In passing I mention that first respondent’s conduct in the prosecution of his application for review is not beyond reproach. He files an application for review in HC 3298/15, he attempts on three occasions to get an order on the unopposed roll. On two occasions the matter is struck of the roll, and one occasion it is removed from the roll, the reason being the non-service of the application on the respondents, particularly the Commissioner General of Police. Instead of serving the application on the respondents, makes a turn and files a chamber application for default judgment in respect of the same review application. In the chamber application he does not disclose to the court that HC 3298/15 has been struck off the roll for non-service of the application. He attaches an affidavit of service, which says he served the court application HC 3298/15 on the 11 December 2015, which cannot be the truth. Had he served the court application on the 11 December 2015, the application would not have been struck of the roll on the 26 October 2017, on the basis of non-service. Such underhand tactics undermine the integrity of the processes of this court and serve no useful purpose in litigation.


  1. Cut to the bone the question is whether on the correct facts a reasonable, objective and informed person can be apprehensive that the judge will not bring an impartial mind to bear on the adjudication of the review application, i.e. a mind open to persuasion by the evidence and the submissions. In answering this question I factor into the equation that the cornerstone of any fair and just legal system is the impartial adjudication of disputes which comes before the courts. Nothing is more likely to impair confidence in proceedings, whether on the part of litigants or the general public, than actual bias or the appearance of bias in the officials who have the power to adjudicate on disputes. An impartial judge is a fundamental prerequisite for a fair hearing and a judicial officer should not hesitate to recuse herself or himself if there are reasonable grounds on the part of the litigant for apprehending that the judicial officer for whatever reasons may not or will not be impartial. See: The President of the Republic of South Africa and Others 1992(2) BCLR 725 (CC).


  1. My view is that the observations I made in the rescission judgment that applicant was not truthful and had deployed underhand tactics to obtain the default judgment might unsettle a reasonable, objective and informed person to be apprehensive that I will not bring an impartial mind to bear on the adjudication of the review application. This is particularly so in that HC 1961/19 sought to rescind a default judgement granted in this review application, and the application succeeded.

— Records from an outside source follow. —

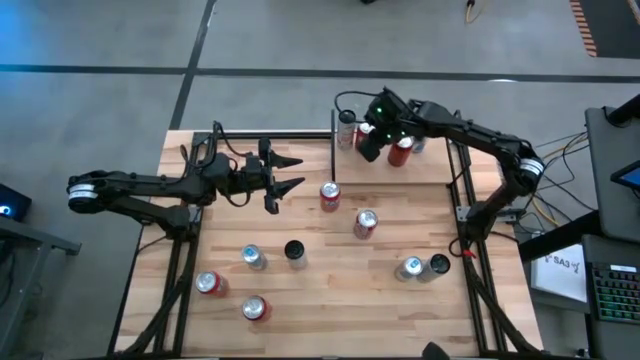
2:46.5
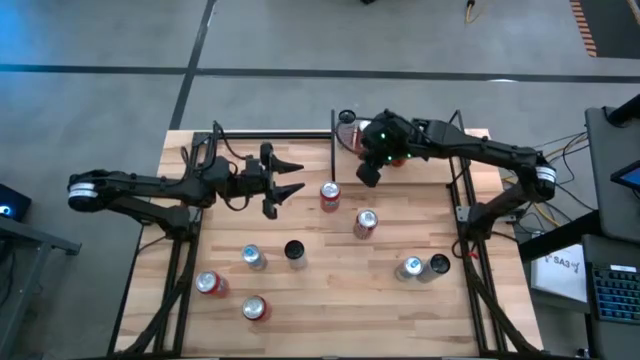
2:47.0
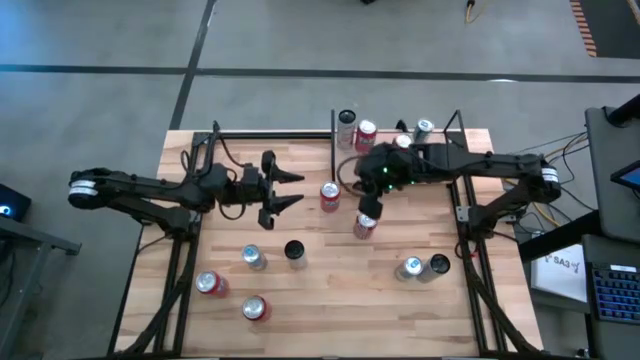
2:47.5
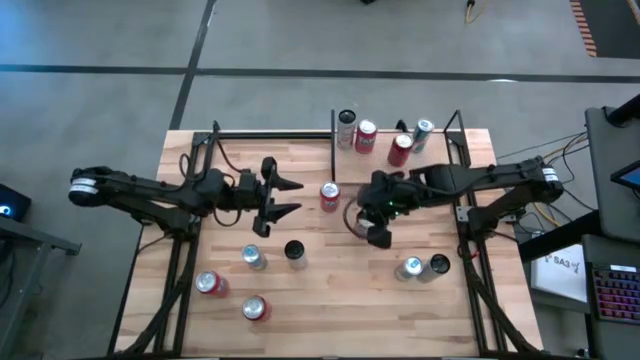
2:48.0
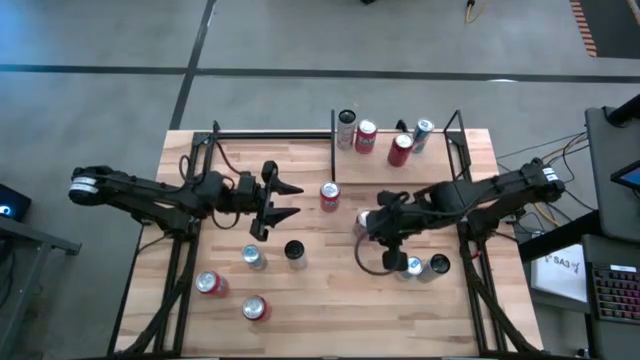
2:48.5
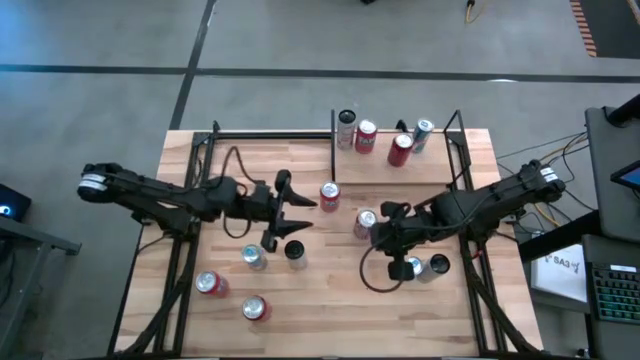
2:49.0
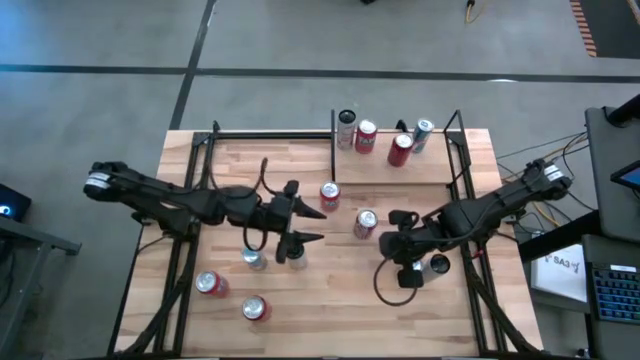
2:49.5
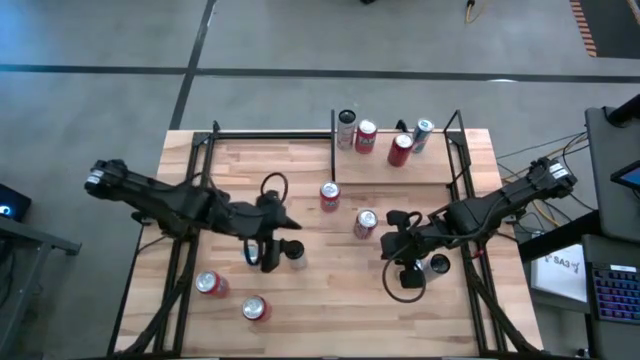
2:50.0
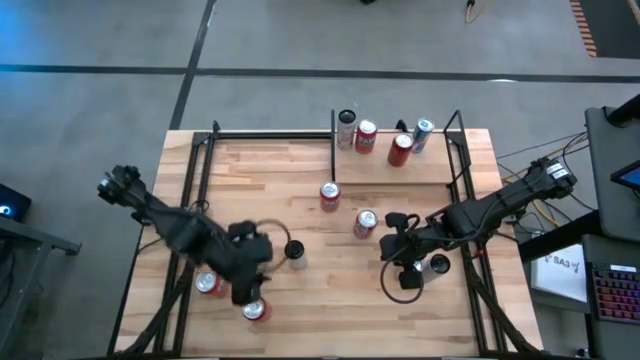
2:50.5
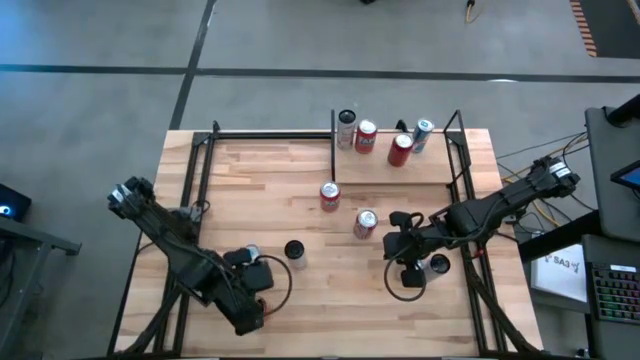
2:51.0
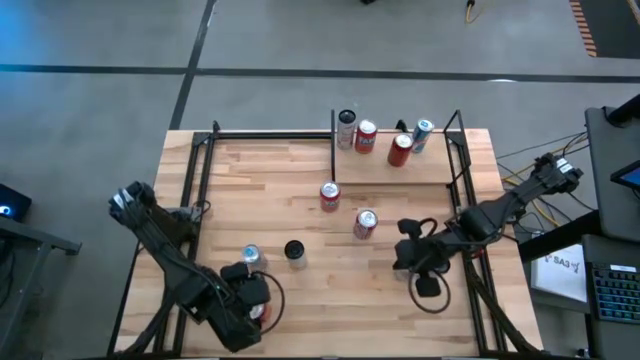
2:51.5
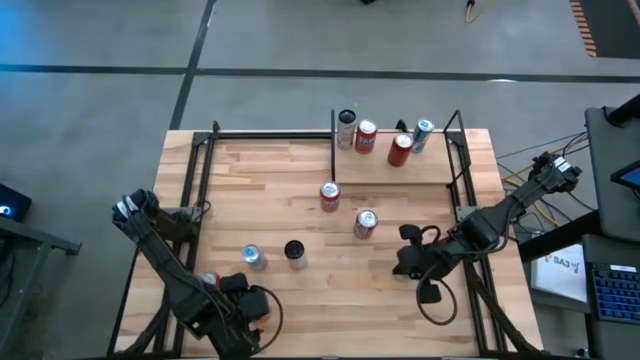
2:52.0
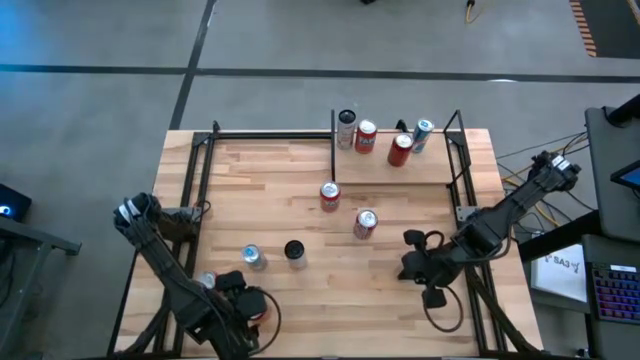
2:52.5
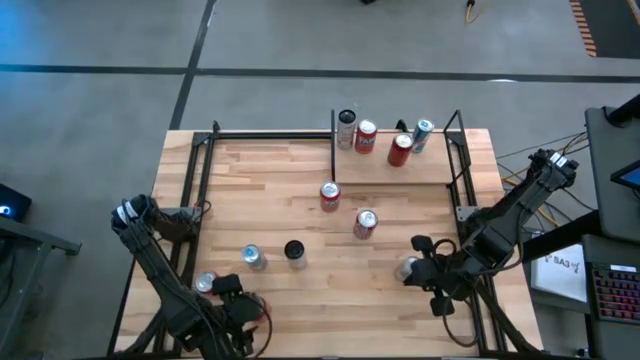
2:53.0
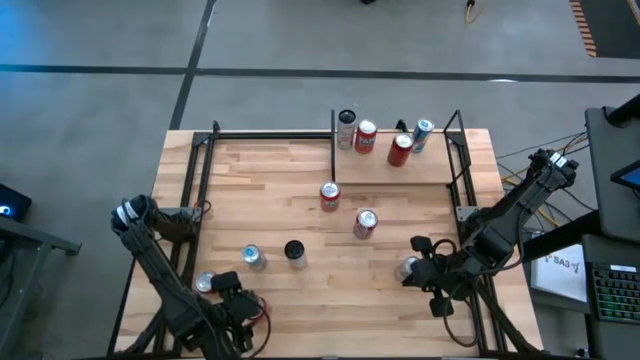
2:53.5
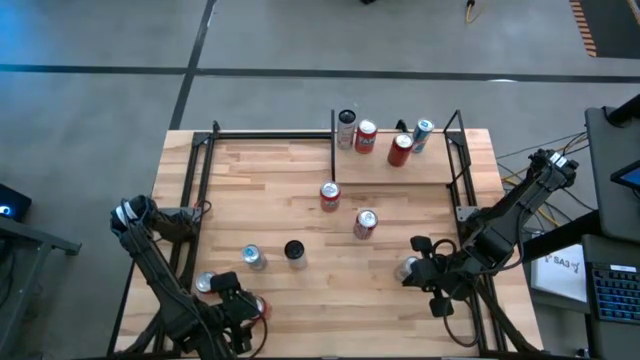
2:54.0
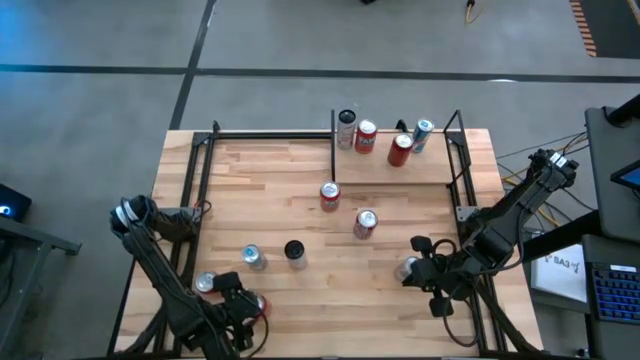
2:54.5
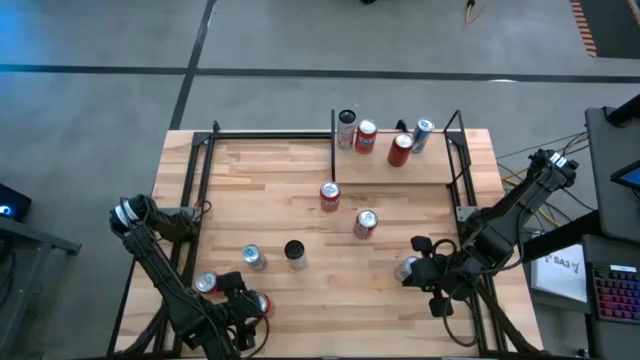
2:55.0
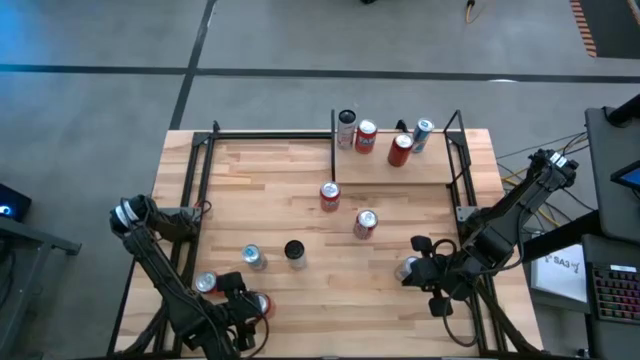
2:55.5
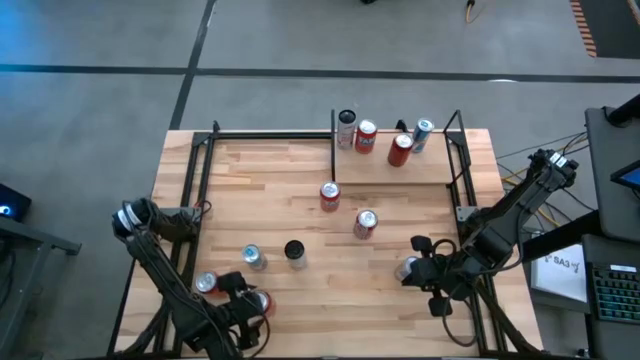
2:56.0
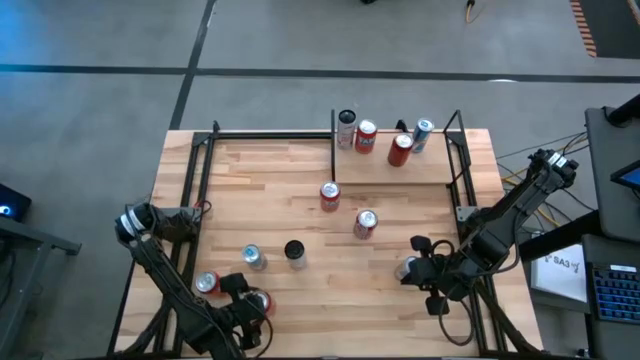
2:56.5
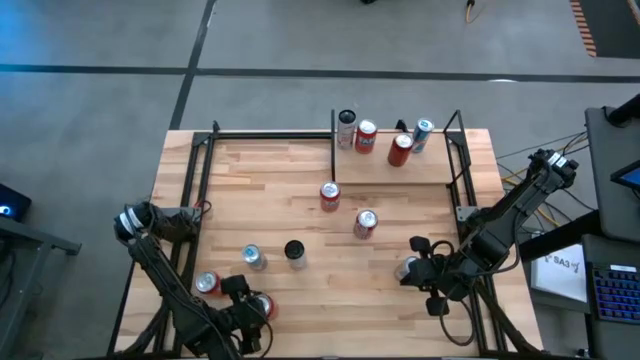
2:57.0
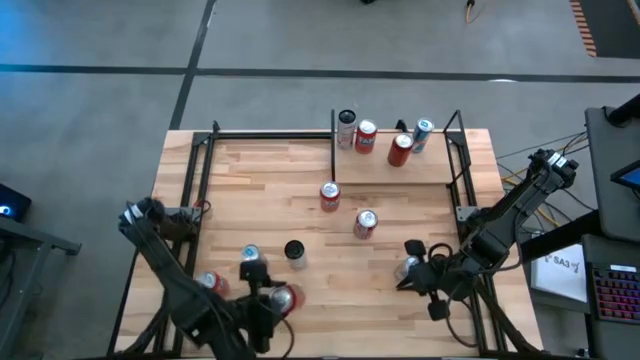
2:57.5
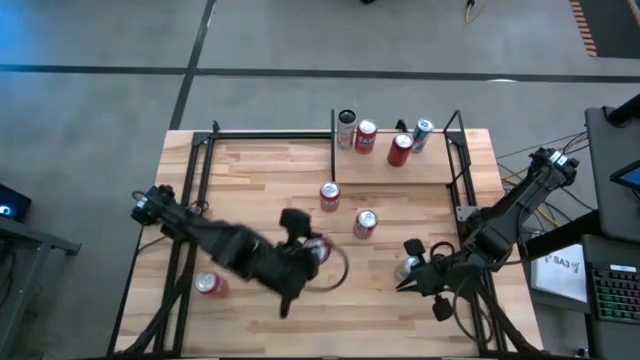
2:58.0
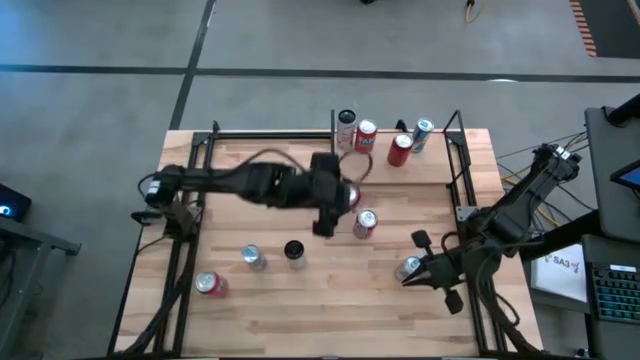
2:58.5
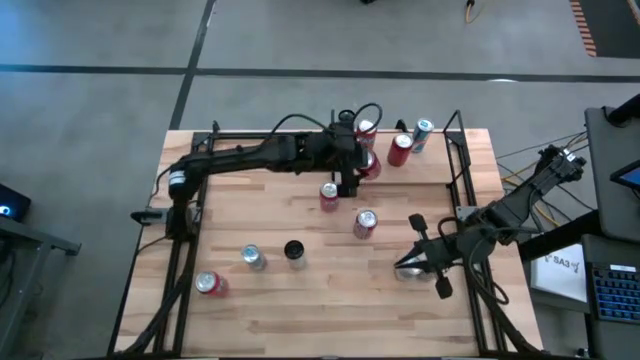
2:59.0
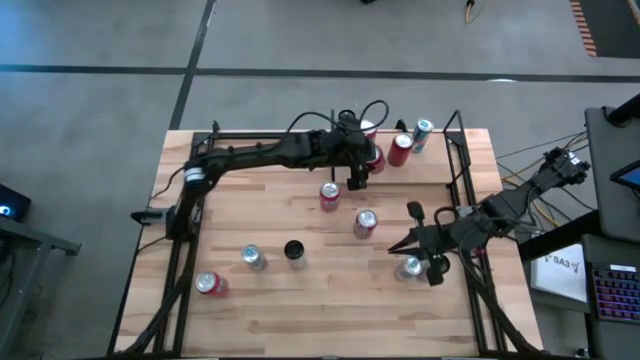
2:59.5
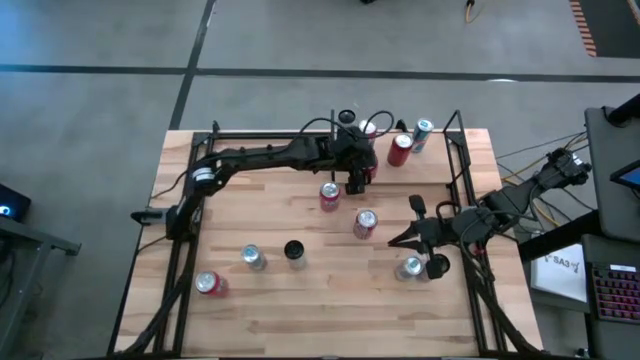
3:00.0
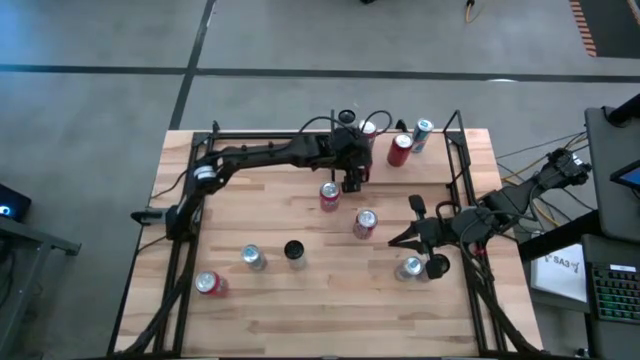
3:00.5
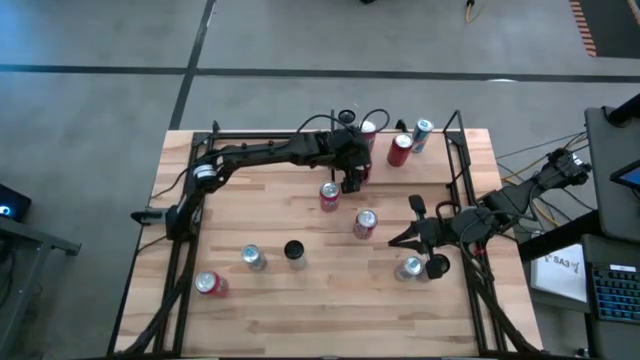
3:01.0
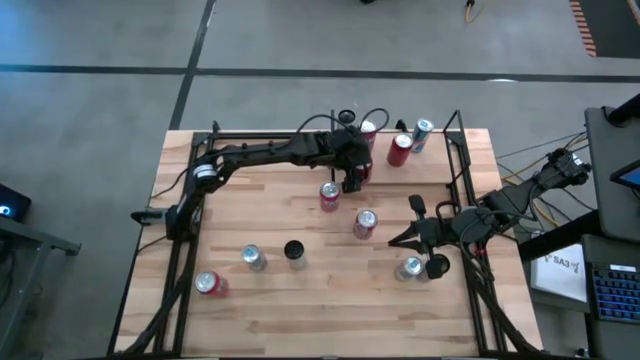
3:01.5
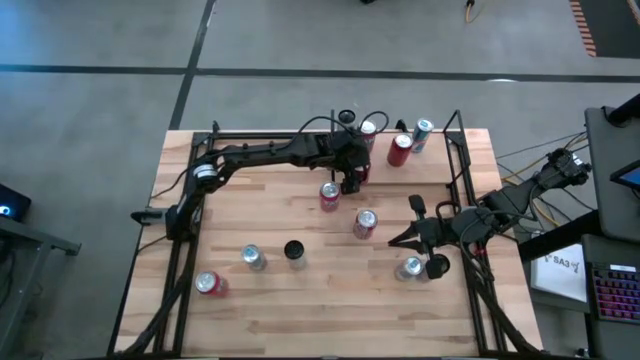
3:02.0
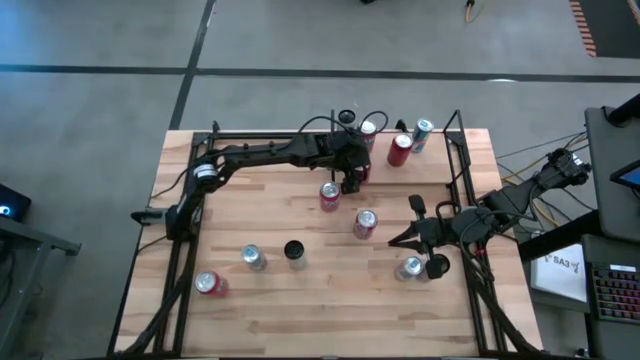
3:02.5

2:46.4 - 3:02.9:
Task: Place canned beverage on shelf
Put the red black soda can on the shelf aligned with the other red black soda can

  1. It must never be forgotten that it is not only actual bias that can justify a recusal, even a reasonable perception or appearance of bias is enough for a judicial officer to recuse himself or herself. Justice is so important a value, and it has to be protected. Justice must not only be done but must also be seen to be done. However all this does not mean litigants can judge-shop, not at all. All it means is that the right to a fair hearing must be protected.

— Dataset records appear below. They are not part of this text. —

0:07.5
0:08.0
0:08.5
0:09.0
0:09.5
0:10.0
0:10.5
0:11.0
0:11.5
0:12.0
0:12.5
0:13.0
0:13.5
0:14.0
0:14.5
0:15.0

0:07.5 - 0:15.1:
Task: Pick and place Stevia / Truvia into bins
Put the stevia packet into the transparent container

  1. This is a boarder-line case, and in such a case I will go for recusal. The application stands to be granted not on the basis of the reasons given by the applicant, but on the basis of the observations I have made above.



  1. It is for these reasons that I felt inclined to recuse myself from this matter.



In the result:


  1. I recuse myself from hearing the case of Samuel Kufandada v Assistant Commissioner Wilson Marecha and Ors HC 3298/15.